Data lies at the heart of intelligence. With the world at the brink of a digital overhaul, not only has information moved to a digital platform, but it has also become accessible within a globally connected network. In less than a decade, the world has moved from gathering and organizing digital data, to analyzing data, to making data-driven decisions, to having machines analyze real-time data and drive real-time solutions, and then onward to Artificial Intelligence (AI). Investment into AI is expected to grow from $12.4 billion in 2018 to about $232 billion by 2025, a KPMG report indicates.
Rather than making reactive decisions after hours of crunching numbers and analyzing data, AI learns from its own from experience, analyzes immense volumes of data at real-time speeds, makes pro-active predictive decisions, and implements real-time solutions based on deep learning. While "narrow AI" solutions have already been implemented in the fields of healthcare, logistics, and e-commerce, among others, it's interesting to take cognizance of the impact it is already having on the stock market and what potential it bears for the future.
According to a PwC report, AI could contribute up to $15.7 trillion to the global economy in 2030, which is more than the combined output of China and India. To put this figure into perspective, the current annual global technology spend is estimated at $3 trillion. This means that within a decade, AI in itself will drive more than five times the current global tech spend.
Stock market impact
AI-based tools have already begun to play an important role in predicting stock market trends, which is evident in a number of use-cases. From using AI for trade executions, as done by companies such as Sigmoidal; or the use of AI-based tools for advisory as handled by Kavout; or its use in discretionary trading by companies such as Trade Ideas, the use of artificial intelligence is no longer an unrealistic tale. Tools such as the Trade Scheduler, for instance, are already being used in Asian markets to give portfolio managers deep insights into when and how to sell and buy specific stocks. Artificial Intelligence not only analyzes data on the stock market, but can also learn based on stock market trends, and predict the trading patterns of investors, stock brokers and the market, in order to then sell or buy the stock at scale while communicating its action through thousands of emails in real-time.
Well-recognized players on Wall Street such as Morgan Stanley and Goldman Sachs have already begun looking at narrow AI solutions through data mining, using self-learning algorithms, and natural language processing (NLP) tools, which are capable of much more complex interactions than more well-known applications such as Apple's Siri, Amazon's Alexa or the Google Assistant. For wealth management companies or others keeping a close eye on the stock market, artificial intelligence offers interesting possibilities – such as rebalancing portfolios. While AI, in its current form, does not completely replace the human workforce, it does augment multiple roles by reducing lower-order work and offering real-time advice.

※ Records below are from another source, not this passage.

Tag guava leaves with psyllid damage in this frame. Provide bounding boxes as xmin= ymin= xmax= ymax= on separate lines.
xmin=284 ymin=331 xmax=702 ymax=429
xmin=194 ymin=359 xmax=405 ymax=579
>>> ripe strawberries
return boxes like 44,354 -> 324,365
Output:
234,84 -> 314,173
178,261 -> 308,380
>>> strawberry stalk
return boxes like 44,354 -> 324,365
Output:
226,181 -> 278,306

However, there are a few entities such as a Hong Kong-based AI company called Aidiya that has created a hedge fund capable of making all stock trades using AI without any human intervention. While stock markets have been using algorithms, automation, and elements of machine learning for many years now, there has always been the need for high-skilled human involvement due to certain unmeasurable factors such as emotion and sentiment.

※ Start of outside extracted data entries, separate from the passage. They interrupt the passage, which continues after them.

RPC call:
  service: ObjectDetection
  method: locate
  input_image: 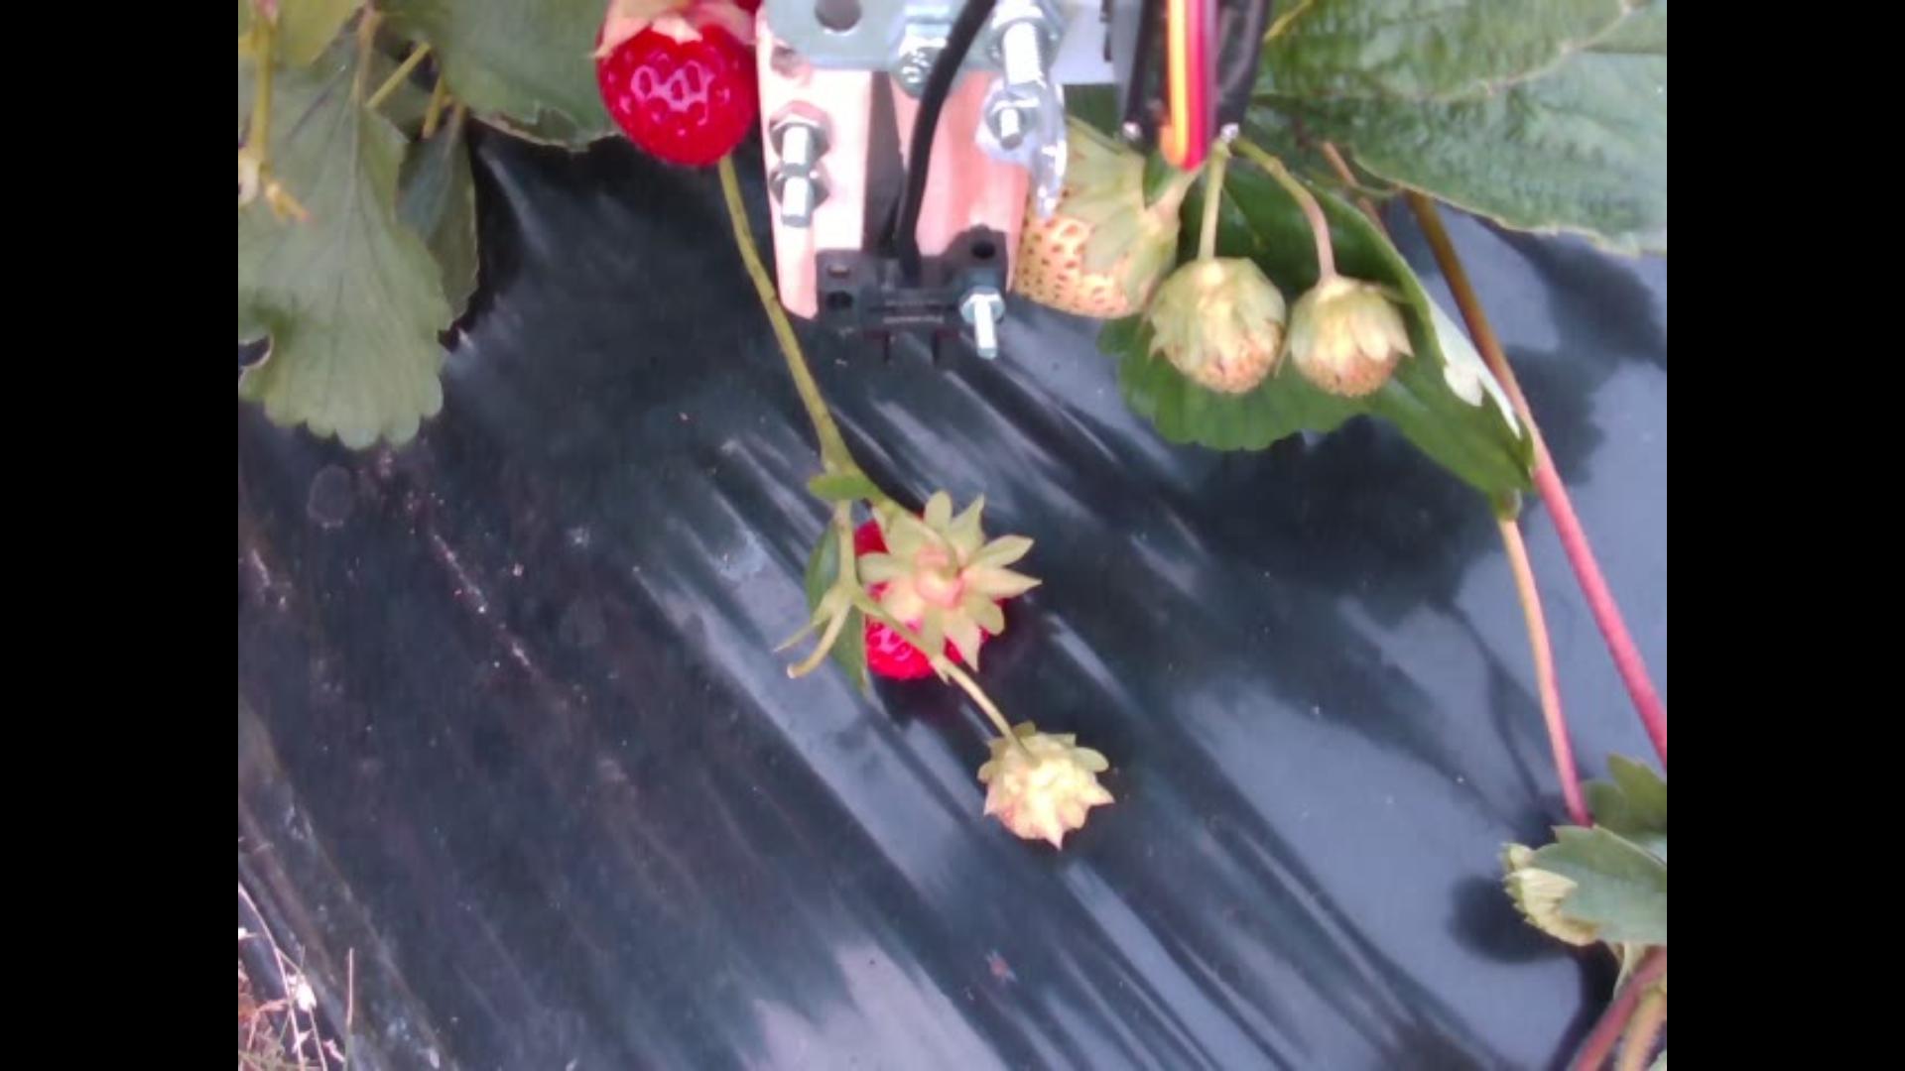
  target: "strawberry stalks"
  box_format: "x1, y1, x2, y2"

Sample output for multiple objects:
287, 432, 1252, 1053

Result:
1184, 180, 1238, 292
849, 474, 971, 588
976, 690, 1042, 755
1150, 140, 1198, 218
1296, 216, 1362, 313
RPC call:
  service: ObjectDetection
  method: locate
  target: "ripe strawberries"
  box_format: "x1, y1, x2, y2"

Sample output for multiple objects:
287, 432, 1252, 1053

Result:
823, 498, 1024, 684
598, 0, 777, 167
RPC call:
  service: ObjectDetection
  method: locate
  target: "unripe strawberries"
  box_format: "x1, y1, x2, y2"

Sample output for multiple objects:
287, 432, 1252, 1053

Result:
982, 723, 1114, 850
1006, 108, 1163, 330
1145, 252, 1291, 400
1286, 275, 1411, 403

Advanced AI and deep learning are also being used to identify, and prevent "rogue transactions".
"Algorithmic trading supported by advanced analytics has gone mainstream today, given that traders wish to continuously detect rogue transactions or be aware of trends up to the moment. In fact, AI/ML platforms are increasingly of interest in the capital markets to ensure operational risk elements are considered especially when stakeholders would want to validate current exposure, liquidity or forex rates among other factors prior to committing a transaction," said Chiradeep Bhattacharya, Tibco AI and Analytics expert, and Alliance Business leader.
AI solutions that use artificial neural networks are getting increasingly "smart" at predicting financial and technical trading trends but still have not reached a point of accurately predicting sentiment. Humans are still better at locating market signals, understanding emotion, as AI still hasn't reached a point of using signals and strategies to solve for causality, a Bloomberg report confirms.
This hasn't stopped big stock market players from attempting to recruit the top machine-learning and AI-based experts from companies such as Google, Microsoft, and Apple. Deep-learning AI is still being viewed as a breakthrough technology that can create better predictive models to estimate trading, and drive automated investment decisions based on data, even from unstructured data sets such as social media, news websites, blogs and so on. Robo advisers could soon integrate behavioral patterns within their financial objectives, thus, creating a much more targeted trades and investments.